## Items from a data source:
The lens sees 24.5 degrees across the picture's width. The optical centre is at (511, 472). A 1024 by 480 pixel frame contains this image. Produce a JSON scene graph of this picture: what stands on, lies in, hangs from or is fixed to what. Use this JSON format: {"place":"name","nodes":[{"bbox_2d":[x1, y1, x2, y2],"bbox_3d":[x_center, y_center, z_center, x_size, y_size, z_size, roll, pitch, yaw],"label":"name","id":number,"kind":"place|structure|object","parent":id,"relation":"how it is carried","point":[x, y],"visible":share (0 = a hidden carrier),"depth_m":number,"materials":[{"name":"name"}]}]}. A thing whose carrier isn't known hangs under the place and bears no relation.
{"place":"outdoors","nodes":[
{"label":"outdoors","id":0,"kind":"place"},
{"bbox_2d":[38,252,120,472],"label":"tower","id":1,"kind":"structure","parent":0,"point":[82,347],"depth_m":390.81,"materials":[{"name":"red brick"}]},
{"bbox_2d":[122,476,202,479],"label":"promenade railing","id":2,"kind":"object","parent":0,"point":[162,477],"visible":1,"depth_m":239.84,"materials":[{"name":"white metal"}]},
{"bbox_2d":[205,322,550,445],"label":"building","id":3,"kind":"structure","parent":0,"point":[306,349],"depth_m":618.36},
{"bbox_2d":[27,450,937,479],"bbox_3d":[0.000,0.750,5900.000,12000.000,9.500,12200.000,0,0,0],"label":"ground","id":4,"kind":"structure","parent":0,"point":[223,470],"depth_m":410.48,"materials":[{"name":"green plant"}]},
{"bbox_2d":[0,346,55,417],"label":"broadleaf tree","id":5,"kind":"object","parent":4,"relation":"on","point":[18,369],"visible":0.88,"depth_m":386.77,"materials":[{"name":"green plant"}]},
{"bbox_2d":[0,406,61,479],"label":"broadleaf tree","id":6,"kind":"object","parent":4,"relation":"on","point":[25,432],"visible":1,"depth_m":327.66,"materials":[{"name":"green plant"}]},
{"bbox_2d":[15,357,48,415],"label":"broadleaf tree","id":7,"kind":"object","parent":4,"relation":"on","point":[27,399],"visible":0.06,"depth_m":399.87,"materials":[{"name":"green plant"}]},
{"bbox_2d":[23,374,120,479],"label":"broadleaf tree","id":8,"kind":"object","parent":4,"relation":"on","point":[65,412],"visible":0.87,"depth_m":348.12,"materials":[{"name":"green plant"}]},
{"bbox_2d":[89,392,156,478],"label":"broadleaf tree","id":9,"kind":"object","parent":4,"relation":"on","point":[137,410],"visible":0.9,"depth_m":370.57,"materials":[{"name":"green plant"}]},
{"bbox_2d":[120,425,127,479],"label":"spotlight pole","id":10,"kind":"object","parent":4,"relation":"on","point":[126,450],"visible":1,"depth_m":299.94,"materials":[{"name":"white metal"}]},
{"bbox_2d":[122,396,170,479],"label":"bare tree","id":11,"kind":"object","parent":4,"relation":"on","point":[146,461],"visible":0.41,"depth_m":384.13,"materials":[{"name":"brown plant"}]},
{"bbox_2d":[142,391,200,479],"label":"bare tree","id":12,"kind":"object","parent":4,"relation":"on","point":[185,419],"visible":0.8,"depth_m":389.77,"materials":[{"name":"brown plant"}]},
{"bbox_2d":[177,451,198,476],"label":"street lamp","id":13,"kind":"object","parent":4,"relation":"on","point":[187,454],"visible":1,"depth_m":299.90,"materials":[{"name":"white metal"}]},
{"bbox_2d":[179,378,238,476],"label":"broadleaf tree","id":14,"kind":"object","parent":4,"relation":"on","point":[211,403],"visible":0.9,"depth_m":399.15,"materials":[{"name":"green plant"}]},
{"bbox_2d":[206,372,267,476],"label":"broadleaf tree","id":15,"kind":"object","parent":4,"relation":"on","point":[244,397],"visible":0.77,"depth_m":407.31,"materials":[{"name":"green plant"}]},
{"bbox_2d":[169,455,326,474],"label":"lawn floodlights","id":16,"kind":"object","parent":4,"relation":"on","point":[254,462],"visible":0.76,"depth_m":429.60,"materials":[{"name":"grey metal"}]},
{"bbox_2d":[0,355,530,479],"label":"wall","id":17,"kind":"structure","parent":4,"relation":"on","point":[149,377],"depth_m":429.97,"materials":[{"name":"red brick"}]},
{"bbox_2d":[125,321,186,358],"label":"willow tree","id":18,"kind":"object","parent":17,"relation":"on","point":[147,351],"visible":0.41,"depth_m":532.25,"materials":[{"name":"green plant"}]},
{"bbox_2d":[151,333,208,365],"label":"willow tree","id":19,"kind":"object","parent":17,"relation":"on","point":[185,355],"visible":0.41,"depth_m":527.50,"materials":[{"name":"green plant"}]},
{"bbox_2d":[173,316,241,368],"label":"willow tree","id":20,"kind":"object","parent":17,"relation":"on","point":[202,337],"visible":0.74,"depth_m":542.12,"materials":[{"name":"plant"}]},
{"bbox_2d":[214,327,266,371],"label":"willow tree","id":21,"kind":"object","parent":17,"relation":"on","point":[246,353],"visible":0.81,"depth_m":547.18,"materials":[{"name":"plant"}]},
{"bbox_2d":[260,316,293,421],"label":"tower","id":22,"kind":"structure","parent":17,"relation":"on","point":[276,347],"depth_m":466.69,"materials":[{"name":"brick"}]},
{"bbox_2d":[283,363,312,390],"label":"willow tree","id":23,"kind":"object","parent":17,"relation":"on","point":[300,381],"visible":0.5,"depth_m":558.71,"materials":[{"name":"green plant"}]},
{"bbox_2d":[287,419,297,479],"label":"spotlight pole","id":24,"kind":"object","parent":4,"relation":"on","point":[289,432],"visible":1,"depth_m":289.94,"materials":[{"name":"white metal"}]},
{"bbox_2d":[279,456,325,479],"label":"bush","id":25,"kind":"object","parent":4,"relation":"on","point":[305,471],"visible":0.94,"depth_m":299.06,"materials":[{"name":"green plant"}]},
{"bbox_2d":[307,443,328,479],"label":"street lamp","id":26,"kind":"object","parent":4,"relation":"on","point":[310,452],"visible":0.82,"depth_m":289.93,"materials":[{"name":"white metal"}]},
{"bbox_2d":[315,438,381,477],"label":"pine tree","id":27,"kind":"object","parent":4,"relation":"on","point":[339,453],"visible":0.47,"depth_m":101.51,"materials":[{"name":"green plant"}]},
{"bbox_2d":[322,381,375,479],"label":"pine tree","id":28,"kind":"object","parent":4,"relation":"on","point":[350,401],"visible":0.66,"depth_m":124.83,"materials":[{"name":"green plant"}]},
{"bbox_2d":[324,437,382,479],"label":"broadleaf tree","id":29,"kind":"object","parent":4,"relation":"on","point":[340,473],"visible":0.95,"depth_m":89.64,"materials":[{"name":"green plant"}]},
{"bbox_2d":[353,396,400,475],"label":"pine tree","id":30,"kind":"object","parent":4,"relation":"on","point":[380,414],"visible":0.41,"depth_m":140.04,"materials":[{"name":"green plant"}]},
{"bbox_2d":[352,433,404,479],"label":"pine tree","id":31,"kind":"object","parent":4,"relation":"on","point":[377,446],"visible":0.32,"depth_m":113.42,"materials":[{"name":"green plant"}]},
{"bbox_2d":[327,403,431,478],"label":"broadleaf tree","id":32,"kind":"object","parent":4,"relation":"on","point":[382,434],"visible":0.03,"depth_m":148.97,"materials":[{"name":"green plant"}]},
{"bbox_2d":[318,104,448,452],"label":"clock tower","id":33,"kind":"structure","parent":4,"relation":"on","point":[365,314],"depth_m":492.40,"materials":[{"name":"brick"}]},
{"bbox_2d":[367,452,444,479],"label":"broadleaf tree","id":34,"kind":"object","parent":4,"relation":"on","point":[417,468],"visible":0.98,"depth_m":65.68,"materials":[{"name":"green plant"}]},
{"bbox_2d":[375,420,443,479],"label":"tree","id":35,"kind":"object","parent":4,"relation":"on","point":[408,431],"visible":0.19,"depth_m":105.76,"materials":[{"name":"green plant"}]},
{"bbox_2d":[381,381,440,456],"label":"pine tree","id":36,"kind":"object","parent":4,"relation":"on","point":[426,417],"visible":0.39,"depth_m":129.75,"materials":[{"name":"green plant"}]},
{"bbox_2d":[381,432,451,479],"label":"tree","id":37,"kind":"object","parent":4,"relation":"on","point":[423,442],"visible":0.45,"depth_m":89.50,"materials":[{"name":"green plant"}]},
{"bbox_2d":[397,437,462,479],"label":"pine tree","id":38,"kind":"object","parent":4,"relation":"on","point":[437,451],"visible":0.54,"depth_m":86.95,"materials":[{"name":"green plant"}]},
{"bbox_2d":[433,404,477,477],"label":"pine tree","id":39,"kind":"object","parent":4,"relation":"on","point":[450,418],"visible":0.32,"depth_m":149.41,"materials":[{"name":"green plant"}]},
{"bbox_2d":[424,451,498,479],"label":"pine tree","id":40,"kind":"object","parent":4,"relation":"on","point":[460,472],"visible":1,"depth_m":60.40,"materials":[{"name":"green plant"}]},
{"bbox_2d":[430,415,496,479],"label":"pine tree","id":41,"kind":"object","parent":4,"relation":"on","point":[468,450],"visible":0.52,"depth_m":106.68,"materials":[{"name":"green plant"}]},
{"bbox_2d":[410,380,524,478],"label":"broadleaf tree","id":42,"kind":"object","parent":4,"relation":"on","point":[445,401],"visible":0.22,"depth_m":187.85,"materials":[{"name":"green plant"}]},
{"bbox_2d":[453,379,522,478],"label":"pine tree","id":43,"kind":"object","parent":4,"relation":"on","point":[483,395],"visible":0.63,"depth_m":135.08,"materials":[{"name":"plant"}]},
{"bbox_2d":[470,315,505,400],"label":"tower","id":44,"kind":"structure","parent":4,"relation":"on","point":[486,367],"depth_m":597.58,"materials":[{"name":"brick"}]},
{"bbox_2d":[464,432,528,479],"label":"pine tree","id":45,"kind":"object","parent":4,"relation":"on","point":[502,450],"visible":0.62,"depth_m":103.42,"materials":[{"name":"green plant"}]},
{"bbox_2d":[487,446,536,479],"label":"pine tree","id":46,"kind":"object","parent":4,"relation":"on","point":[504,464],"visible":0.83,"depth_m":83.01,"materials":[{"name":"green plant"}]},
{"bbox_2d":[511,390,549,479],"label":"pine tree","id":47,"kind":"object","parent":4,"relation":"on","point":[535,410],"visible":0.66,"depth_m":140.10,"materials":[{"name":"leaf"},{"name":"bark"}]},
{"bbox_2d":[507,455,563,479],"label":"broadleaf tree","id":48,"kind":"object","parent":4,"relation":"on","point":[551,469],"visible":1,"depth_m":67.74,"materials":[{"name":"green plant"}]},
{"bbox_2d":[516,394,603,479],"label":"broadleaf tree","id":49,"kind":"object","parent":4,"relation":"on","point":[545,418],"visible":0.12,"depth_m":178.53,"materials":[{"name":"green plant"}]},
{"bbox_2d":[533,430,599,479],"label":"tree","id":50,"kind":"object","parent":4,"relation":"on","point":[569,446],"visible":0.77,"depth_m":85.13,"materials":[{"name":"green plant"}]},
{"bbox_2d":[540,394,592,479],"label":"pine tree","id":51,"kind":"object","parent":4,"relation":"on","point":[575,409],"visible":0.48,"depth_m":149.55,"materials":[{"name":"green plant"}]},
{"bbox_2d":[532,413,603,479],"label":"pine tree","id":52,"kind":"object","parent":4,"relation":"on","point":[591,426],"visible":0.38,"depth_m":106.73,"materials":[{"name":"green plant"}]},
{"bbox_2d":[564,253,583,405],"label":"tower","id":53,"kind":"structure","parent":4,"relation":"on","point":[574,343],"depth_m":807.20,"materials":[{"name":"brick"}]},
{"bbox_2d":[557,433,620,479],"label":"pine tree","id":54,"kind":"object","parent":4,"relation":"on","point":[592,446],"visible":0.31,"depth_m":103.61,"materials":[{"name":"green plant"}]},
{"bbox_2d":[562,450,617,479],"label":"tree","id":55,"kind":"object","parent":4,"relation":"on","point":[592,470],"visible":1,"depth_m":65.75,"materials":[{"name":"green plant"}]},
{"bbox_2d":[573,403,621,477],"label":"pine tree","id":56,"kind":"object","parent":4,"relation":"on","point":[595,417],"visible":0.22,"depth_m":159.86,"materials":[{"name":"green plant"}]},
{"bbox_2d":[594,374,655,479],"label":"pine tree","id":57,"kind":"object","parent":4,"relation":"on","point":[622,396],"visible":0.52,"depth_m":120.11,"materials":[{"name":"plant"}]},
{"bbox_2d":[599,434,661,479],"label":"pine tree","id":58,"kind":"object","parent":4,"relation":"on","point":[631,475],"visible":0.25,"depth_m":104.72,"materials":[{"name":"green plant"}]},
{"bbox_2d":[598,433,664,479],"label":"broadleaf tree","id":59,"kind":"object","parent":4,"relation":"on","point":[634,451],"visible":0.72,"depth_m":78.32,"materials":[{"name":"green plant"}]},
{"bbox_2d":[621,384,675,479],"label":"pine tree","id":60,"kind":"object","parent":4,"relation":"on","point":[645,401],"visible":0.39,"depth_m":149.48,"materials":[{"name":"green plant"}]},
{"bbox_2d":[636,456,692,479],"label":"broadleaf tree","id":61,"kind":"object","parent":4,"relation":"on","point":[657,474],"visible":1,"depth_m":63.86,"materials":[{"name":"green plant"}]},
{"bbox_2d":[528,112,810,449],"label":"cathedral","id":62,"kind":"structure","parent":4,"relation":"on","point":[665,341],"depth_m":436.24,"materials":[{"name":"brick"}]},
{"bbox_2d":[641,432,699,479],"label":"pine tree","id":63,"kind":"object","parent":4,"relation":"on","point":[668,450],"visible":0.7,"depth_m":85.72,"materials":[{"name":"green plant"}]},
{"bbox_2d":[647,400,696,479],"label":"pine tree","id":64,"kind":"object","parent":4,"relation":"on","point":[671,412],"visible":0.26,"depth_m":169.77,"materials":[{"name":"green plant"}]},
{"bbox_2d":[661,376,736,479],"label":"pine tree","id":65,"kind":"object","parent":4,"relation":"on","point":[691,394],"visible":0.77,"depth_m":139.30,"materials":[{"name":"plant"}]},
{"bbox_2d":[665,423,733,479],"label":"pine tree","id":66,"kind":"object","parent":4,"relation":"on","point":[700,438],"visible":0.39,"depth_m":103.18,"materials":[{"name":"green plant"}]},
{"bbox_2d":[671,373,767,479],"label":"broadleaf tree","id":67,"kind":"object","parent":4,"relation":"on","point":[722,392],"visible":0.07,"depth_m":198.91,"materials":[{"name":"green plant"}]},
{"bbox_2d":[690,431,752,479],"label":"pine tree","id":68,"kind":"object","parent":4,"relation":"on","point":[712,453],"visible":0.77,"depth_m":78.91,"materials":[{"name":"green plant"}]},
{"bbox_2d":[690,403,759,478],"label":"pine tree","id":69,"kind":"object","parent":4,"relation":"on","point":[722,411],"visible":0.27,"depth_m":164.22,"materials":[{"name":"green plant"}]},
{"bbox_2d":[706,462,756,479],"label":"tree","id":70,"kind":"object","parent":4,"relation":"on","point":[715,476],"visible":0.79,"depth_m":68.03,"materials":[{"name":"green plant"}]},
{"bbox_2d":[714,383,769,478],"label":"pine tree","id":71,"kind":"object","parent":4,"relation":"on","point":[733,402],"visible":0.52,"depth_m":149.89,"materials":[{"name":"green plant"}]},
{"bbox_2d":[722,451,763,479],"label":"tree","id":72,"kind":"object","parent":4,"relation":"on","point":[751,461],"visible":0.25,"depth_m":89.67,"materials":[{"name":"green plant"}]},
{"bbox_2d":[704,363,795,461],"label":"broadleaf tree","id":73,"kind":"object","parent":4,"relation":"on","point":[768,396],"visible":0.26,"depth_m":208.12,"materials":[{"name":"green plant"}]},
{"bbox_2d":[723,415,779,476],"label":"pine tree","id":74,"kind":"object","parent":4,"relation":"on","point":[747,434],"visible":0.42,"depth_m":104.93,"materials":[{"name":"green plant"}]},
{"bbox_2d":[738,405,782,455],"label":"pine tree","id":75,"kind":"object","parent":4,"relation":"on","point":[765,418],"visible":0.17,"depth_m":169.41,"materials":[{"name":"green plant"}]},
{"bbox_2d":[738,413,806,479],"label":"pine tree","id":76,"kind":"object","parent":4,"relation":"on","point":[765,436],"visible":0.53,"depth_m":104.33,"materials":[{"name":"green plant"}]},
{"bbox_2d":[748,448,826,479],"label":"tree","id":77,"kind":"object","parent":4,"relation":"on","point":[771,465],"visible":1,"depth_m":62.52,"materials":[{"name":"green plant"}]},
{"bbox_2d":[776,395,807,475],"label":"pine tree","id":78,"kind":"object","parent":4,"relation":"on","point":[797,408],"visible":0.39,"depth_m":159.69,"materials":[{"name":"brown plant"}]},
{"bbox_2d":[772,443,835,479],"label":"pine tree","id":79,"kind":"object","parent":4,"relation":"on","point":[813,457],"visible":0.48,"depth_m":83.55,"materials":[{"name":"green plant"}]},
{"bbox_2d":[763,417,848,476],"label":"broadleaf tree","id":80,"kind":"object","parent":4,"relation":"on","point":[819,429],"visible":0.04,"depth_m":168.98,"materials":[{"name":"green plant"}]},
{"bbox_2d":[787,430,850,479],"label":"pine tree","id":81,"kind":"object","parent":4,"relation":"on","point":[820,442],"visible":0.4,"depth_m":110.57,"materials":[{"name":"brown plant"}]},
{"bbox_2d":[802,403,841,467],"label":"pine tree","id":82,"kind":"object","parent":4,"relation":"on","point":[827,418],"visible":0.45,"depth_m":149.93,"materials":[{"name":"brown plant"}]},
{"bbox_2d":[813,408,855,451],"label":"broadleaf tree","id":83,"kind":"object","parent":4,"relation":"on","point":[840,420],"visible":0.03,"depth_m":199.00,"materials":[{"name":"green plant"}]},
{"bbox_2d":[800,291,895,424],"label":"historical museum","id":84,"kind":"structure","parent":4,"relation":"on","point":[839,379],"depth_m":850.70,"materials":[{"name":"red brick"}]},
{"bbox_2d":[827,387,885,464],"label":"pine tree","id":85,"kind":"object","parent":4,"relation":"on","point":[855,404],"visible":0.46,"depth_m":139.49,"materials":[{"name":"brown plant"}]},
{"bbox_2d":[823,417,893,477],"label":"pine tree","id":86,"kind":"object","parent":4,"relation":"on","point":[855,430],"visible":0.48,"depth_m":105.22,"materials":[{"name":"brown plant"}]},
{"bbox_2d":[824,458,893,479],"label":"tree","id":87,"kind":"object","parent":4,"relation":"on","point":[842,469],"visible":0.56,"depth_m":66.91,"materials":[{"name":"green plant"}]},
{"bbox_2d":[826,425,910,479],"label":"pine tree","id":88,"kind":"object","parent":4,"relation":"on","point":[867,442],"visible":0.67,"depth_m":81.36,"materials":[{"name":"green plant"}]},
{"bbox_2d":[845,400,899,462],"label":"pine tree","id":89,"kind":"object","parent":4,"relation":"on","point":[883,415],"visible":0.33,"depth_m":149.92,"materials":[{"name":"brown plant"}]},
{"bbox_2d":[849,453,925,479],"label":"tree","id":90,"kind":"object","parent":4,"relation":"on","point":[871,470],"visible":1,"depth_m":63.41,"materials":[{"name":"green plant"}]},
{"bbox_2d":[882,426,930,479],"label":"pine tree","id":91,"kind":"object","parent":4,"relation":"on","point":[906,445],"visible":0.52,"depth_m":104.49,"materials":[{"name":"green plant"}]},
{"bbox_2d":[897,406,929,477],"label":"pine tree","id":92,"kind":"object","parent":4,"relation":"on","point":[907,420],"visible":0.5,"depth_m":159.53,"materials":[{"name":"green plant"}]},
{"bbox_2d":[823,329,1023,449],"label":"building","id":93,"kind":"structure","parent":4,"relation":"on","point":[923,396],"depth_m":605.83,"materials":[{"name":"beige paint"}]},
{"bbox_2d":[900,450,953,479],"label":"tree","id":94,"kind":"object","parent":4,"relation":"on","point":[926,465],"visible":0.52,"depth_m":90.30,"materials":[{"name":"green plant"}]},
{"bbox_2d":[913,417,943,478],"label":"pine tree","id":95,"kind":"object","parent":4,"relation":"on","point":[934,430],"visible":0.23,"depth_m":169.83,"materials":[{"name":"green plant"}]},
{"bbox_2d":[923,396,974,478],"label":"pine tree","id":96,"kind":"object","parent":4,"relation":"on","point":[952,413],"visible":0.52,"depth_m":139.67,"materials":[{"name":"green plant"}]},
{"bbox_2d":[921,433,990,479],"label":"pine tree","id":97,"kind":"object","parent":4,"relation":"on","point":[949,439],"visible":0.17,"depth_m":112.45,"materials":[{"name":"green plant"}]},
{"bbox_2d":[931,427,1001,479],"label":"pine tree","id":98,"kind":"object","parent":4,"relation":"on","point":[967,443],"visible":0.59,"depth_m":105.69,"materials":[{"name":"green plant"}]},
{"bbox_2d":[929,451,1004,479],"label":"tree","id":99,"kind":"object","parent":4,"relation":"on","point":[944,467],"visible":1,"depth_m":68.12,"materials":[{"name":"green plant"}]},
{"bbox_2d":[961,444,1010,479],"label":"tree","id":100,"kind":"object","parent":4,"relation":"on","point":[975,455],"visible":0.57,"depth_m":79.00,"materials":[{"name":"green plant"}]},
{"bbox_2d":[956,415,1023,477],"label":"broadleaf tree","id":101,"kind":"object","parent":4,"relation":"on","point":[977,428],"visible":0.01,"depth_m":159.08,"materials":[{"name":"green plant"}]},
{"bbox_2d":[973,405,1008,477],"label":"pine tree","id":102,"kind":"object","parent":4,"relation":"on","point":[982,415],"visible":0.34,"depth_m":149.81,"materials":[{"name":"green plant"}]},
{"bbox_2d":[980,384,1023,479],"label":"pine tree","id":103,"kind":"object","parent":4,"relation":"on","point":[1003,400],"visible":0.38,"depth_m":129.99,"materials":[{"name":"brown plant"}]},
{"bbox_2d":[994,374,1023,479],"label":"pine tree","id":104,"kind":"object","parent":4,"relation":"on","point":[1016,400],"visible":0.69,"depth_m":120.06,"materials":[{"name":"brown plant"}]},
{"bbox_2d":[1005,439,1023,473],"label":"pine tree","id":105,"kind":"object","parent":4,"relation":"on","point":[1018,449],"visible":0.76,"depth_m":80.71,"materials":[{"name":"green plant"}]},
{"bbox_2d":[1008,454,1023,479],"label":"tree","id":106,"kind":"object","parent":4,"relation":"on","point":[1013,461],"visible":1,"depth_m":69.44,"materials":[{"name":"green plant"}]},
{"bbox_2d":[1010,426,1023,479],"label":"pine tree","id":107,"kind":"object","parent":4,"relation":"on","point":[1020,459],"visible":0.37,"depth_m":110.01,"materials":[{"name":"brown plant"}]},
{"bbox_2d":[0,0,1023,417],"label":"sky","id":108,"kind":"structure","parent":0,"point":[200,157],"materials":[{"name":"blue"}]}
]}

## Task to carry out:
Find the lines above holding the word "building" and show them.

## Answer:
{"bbox_2d":[205,322,550,445],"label":"building","id":3,"kind":"structure","parent":0,"point":[306,349],"depth_m":618.36},
{"bbox_2d":[823,329,1023,449],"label":"building","id":93,"kind":"structure","parent":4,"relation":"on","point":[923,396],"depth_m":605.83,"materials":[{"name":"beige paint"}]},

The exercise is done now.